ABOUT THIS EXERCISE
For the data below, restate word for word only the lines from the line containing "Diagnosis: Glioblastoma, IDH-wildtype" through the line containing "WHO grade: 4", both ends included.

--- RECORDS SUPPLIED Enclosed Below ---

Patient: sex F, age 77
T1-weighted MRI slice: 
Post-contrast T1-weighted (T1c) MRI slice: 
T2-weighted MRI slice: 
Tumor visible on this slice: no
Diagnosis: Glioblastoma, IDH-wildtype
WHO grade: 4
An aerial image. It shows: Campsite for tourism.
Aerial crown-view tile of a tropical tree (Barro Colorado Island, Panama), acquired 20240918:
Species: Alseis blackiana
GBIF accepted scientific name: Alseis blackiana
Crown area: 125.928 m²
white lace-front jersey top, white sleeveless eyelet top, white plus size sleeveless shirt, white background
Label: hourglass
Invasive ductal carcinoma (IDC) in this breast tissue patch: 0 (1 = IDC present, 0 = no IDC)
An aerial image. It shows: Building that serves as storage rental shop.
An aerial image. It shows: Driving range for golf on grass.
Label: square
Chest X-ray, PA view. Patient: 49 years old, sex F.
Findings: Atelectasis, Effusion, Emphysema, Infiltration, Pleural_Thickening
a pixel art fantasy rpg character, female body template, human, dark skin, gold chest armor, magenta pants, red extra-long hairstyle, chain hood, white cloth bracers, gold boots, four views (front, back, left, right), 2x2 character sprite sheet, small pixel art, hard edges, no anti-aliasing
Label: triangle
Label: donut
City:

--- End of Enclosed RECORDS SUPPLIED ---

RESPONSE TO THIS TASK
Diagnosis: Glioblastoma, IDH-wildtype
WHO grade: 4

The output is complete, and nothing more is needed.